So laying out in a full blown ghillie suit is more ethical. Come on.


----------



## utahgolf (Sep 8, 2007)

I was mainly posting to bash on the "best of the west" tv show,, I can't stand it.. I suppose I could start a new thread talking smack about that show but this seemed easier....I guess to each his own....if its legal and ethical and ya have fun doing it than who cares what other people think...


----------



## 10000ft. (Oct 29, 2007)

:lol: :lol: :lol: This is always a funny topic. The ethics police and usualy some archery guys come down on the long distance rifleman. 
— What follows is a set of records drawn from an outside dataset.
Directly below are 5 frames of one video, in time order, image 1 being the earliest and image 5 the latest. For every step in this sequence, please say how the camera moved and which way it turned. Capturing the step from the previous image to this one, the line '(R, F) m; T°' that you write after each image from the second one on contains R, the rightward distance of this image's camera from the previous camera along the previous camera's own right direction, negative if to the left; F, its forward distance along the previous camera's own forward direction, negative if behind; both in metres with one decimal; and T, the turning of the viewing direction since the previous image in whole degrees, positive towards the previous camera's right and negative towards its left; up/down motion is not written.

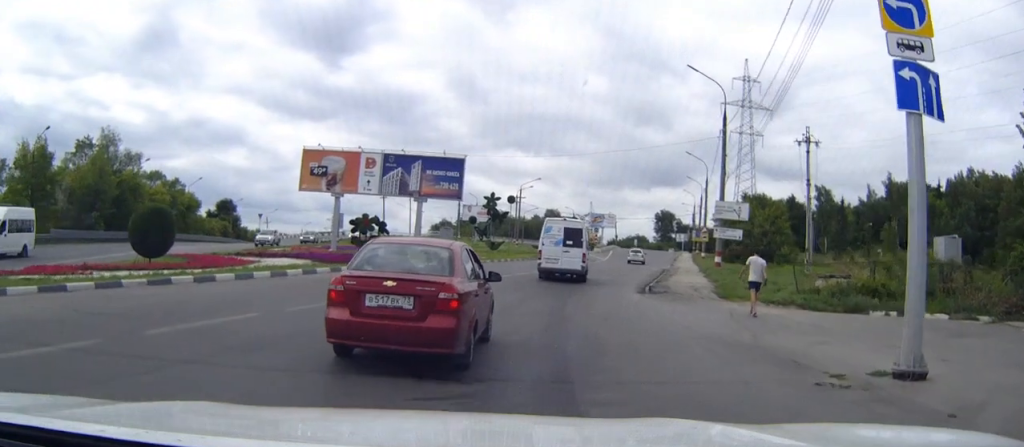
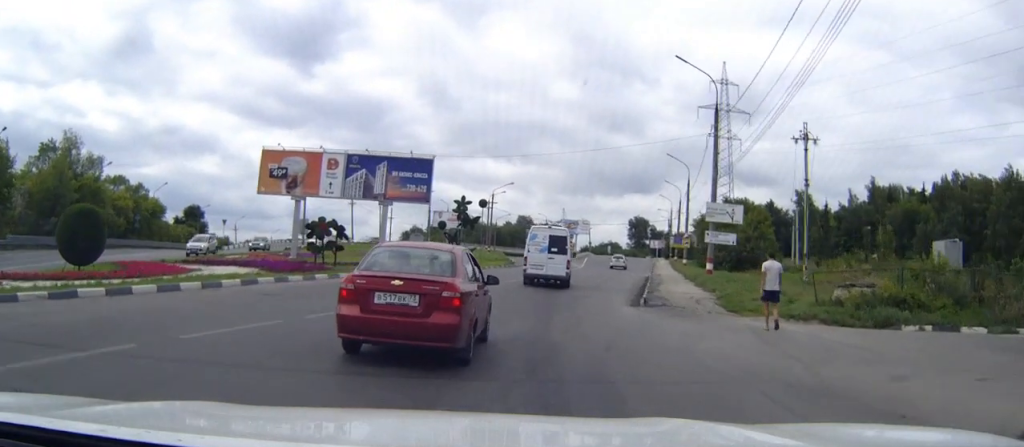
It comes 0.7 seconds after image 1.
(+0.1, +3.6) m; +3°
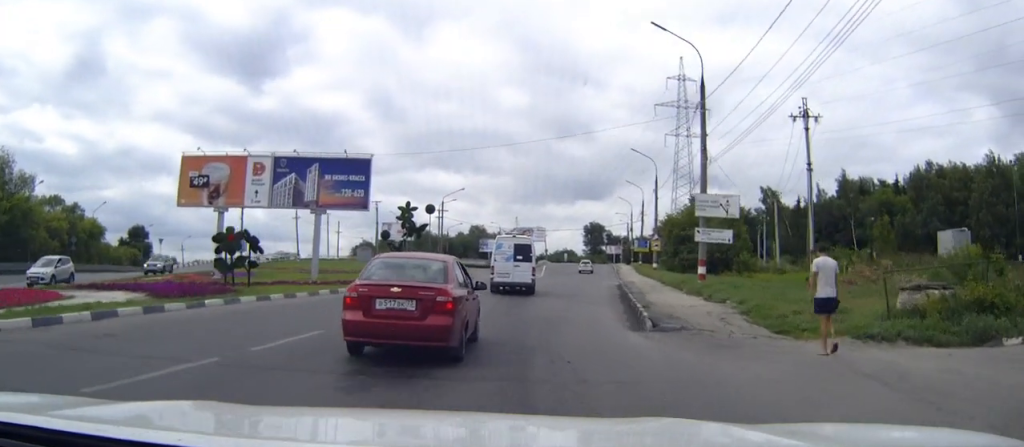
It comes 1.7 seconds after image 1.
(+0.2, +6.4) m; +4°
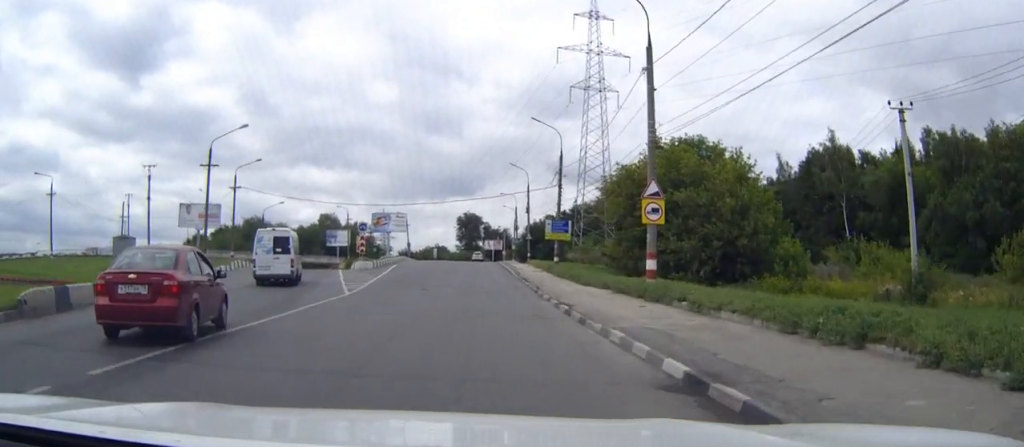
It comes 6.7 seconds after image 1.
(+4.2, +41.5) m; +8°
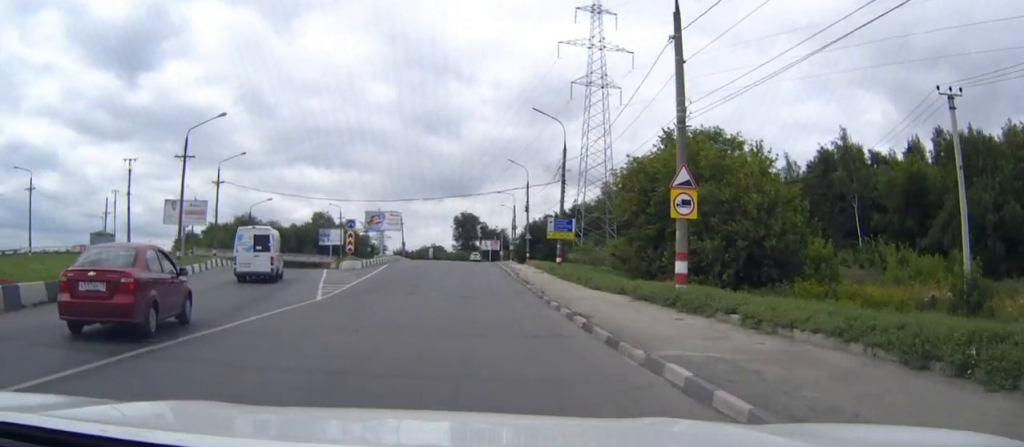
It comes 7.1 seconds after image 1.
(0.0, +4.2) m; 0°

If a guy can CONSISTANTLY hit that kill zone then good on him, fire away!

Most who say "where is the challenge in that" never even see trophy bucks so they are just jelous. :shock: 80% of the challenge (on GS public hunts) is just finding the animal. 

I am still trying to perfect my 100-250 yard shooting before I back up any further. :wink:


----------



## 10000ft. (Oct 29, 2007)

Just curious, what shot for a bow is equivilant to a rifle shooting 500 yrds?

Muzzleloader?

Again, I haven't even practiced taking long shots with rifle or muzzy and I don't archery hunt so I wouldn't know.


----------



## Huntoholic (Sep 17, 2008)

10000ft. said:


> Just curious, what shot for a bow is equivilant to a rifle shooting 500 yrds?
> 
> Muzzleloader?
> 
> Again, I haven't even practiced taking long shots with rifle or muzzy and I don't archery hunt so I wouldn't know.


And we won't even talk about the yardage pins. :mrgreen:


----------



## Donttreadonme (Sep 11, 2007)

I to love these threads and can't help but speak my mind. 

For your average Joe, one box of shells a year type, I would say 300 yds. and less is all they should shoot. 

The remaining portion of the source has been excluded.